With images excluded, write out each entry below exactly as given.

━━━ MATERIAL TO PROCESS

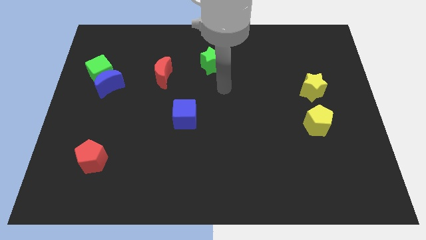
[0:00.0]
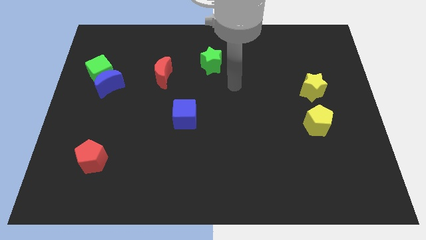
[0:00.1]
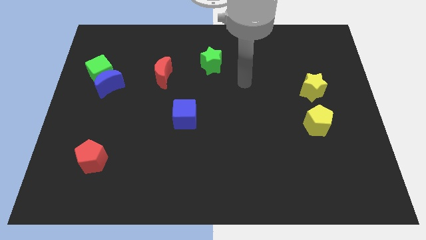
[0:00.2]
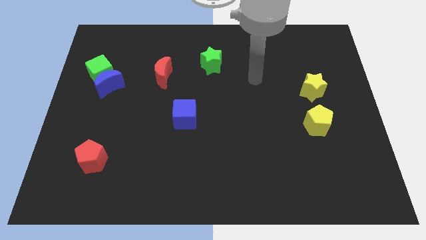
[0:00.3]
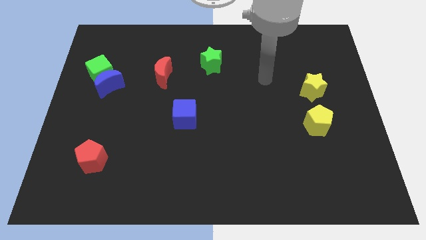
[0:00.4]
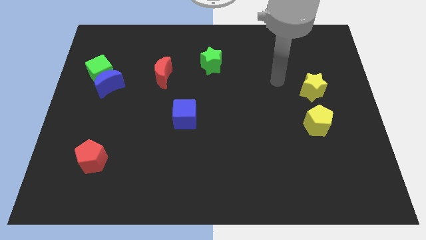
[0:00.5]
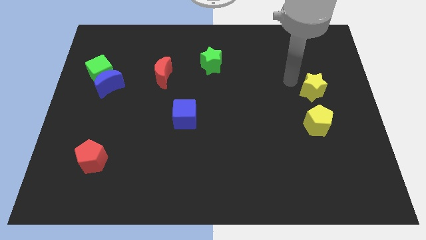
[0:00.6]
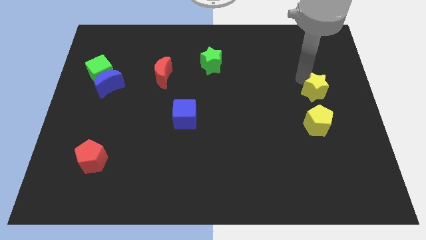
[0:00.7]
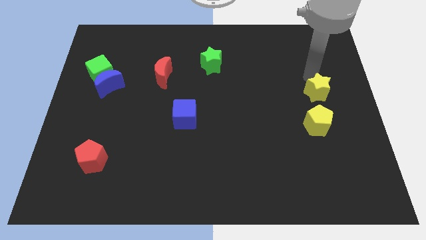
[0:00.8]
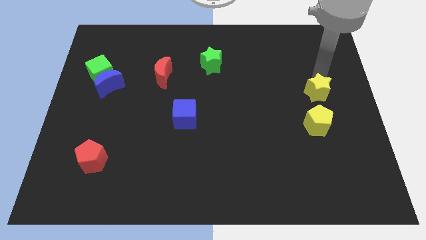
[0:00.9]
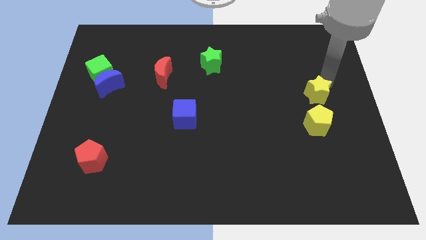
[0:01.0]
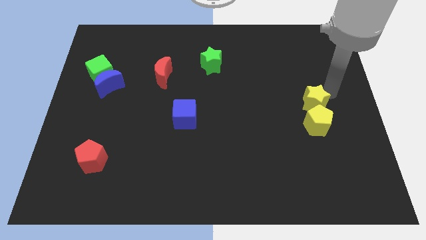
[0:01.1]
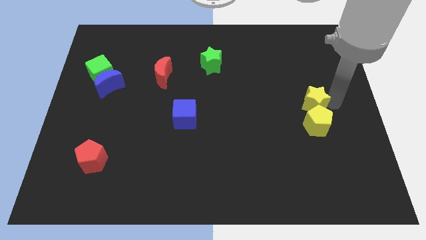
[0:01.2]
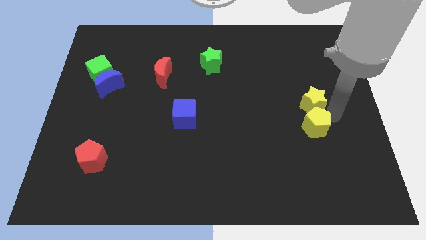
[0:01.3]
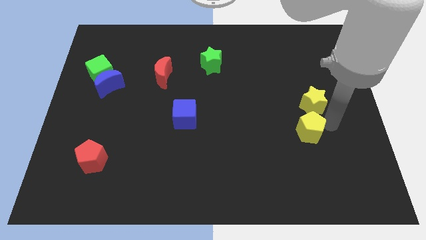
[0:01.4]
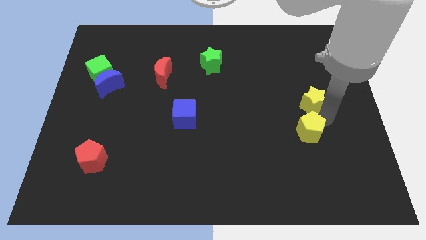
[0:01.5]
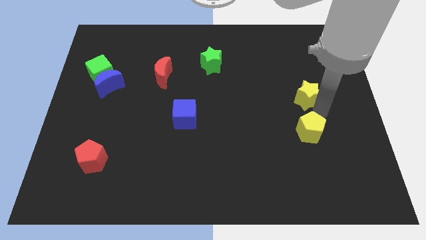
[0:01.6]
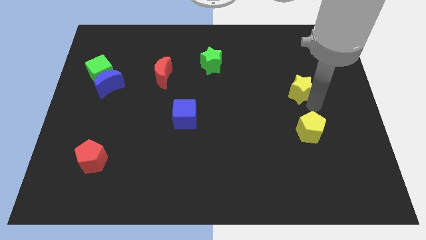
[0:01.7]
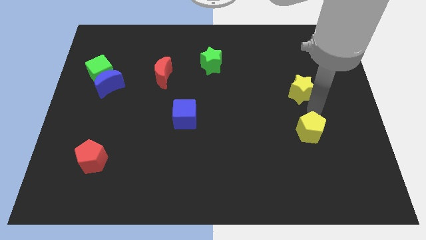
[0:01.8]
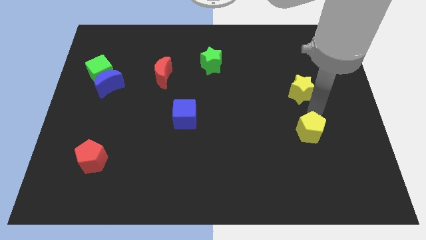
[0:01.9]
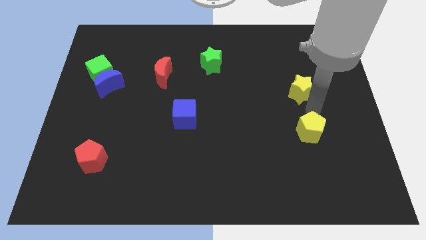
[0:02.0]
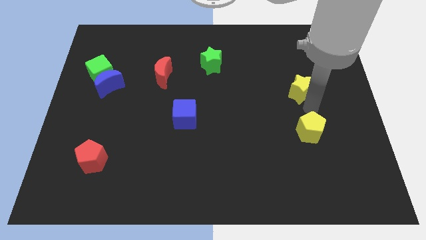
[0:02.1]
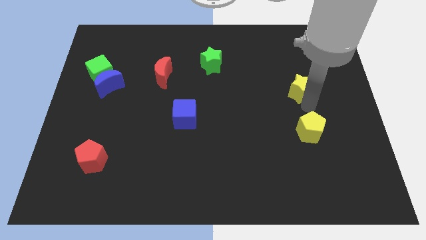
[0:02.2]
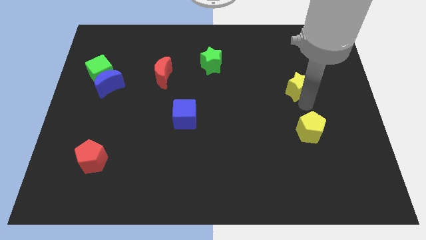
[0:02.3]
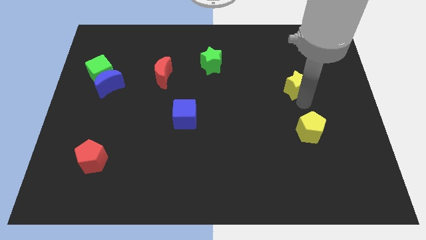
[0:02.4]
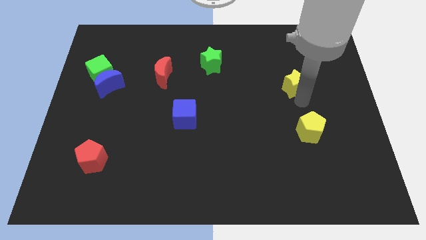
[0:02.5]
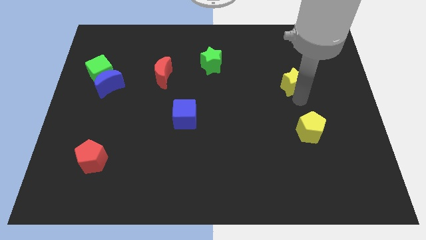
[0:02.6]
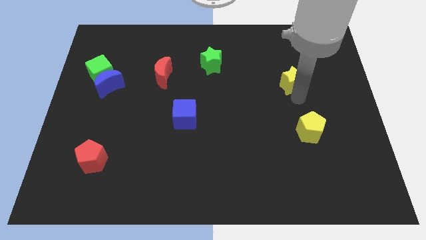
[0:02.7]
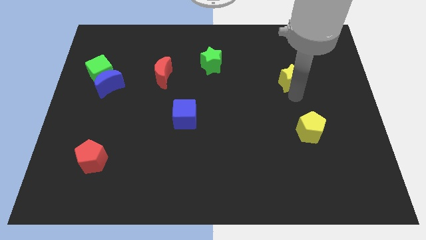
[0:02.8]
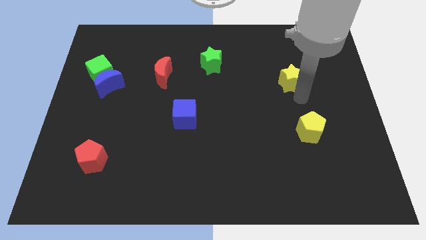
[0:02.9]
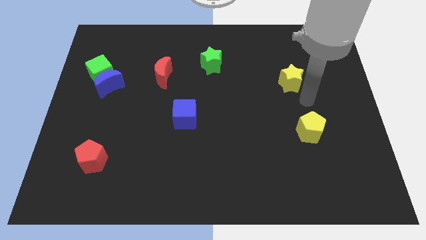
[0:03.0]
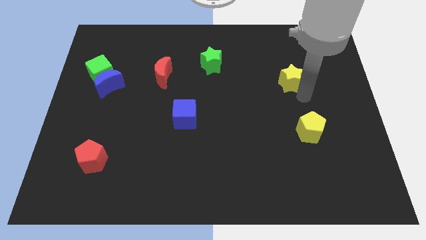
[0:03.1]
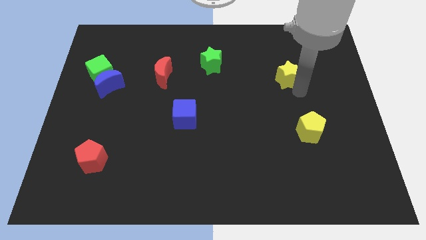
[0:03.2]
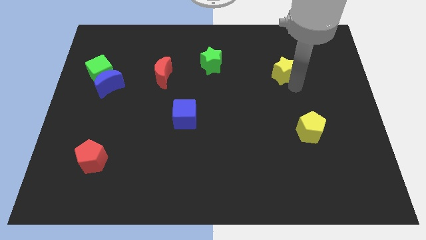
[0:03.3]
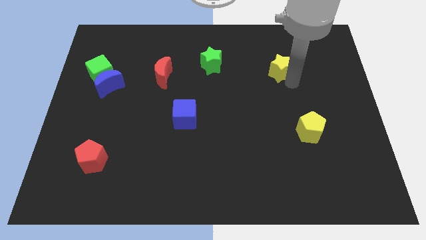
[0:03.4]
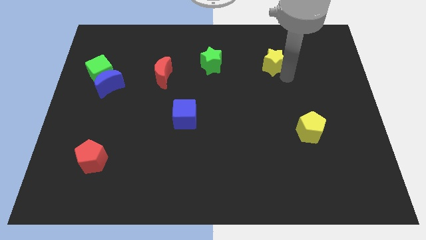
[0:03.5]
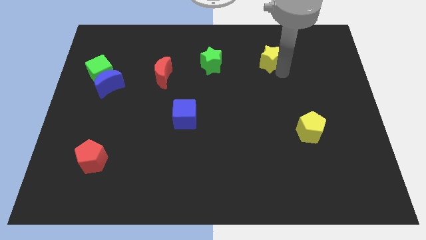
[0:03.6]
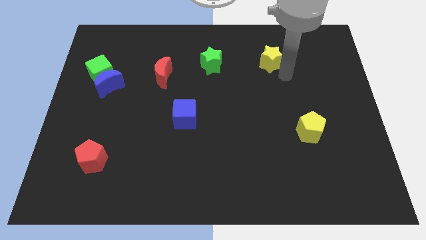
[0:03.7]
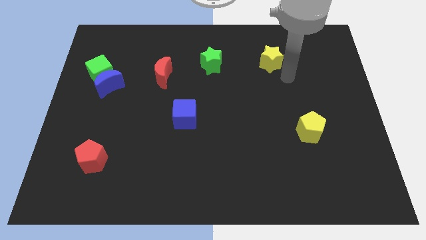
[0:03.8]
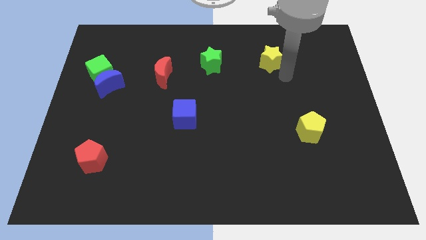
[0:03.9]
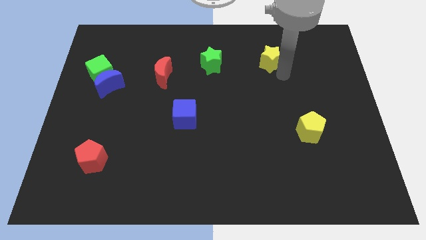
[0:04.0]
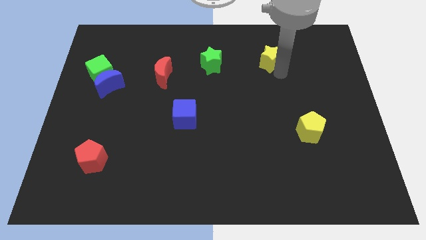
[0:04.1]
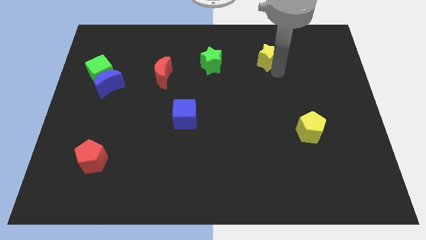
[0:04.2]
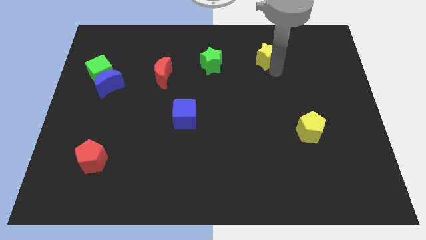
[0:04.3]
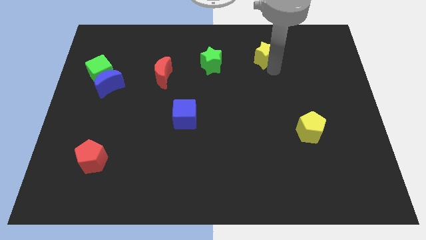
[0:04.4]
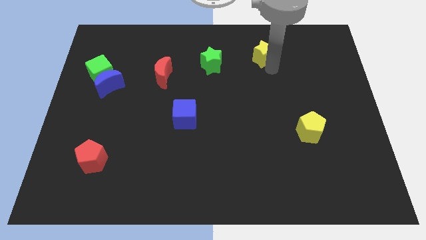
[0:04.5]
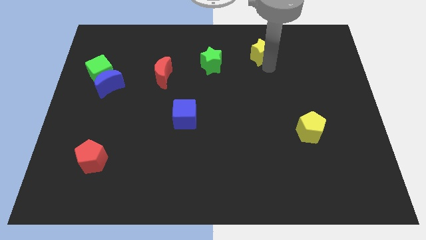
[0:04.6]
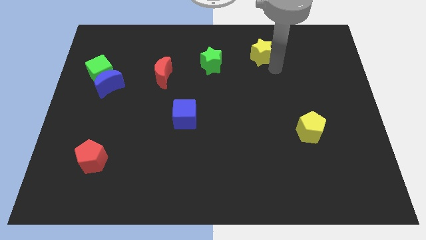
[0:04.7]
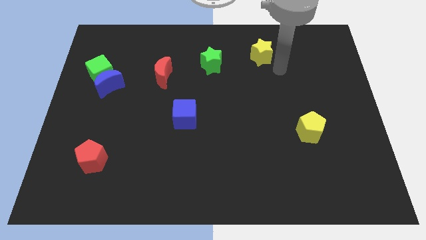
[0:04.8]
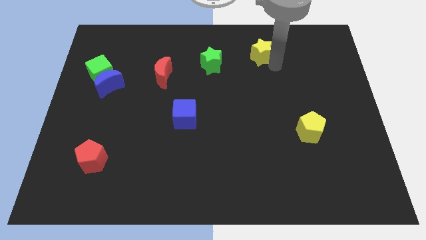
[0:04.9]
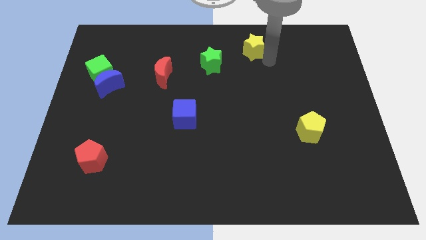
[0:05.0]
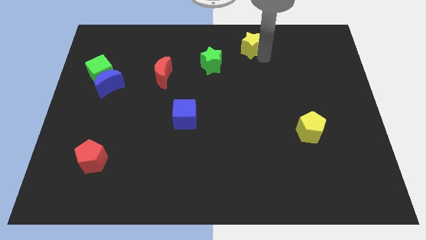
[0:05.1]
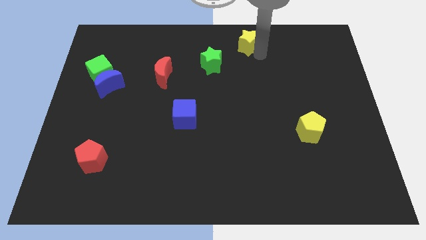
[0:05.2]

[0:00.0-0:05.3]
push the yellow star to the towards your base

━━━━━━

#### ANSWER FOR THE TASK
[0:00.0]
[0:00.1]
[0:00.2]
[0:00.3]
[0:00.4]
[0:00.5]
[0:00.6]
[0:00.7]
[0:00.8]
[0:00.9]
[0:01.0]
[0:01.1]
[0:01.2]
[0:01.3]
[0:01.4]
[0:01.5]
[0:01.6]
[0:01.7]
[0:01.8]
[0:01.9]
[0:02.0]
[0:02.1]
[0:02.2]
[0:02.3]
[0:02.4]
[0:02.5]
[0:02.6]
[0:02.7]
[0:02.8]
[0:02.9]
[0:03.0]
[0:03.1]
[0:03.2]
[0:03.3]
[0:03.4]
[0:03.5]
[0:03.6]
[0:03.7]
[0:03.8]
[0:03.9]
[0:04.0]
[0:04.1]
[0:04.2]
[0:04.3]
[0:04.4]
[0:04.5]
[0:04.6]
[0:04.7]
[0:04.8]
[0:04.9]
[0:05.0]
[0:05.1]
[0:05.2]

[0:00.0-0:05.3]
push the yellow star to the towards your base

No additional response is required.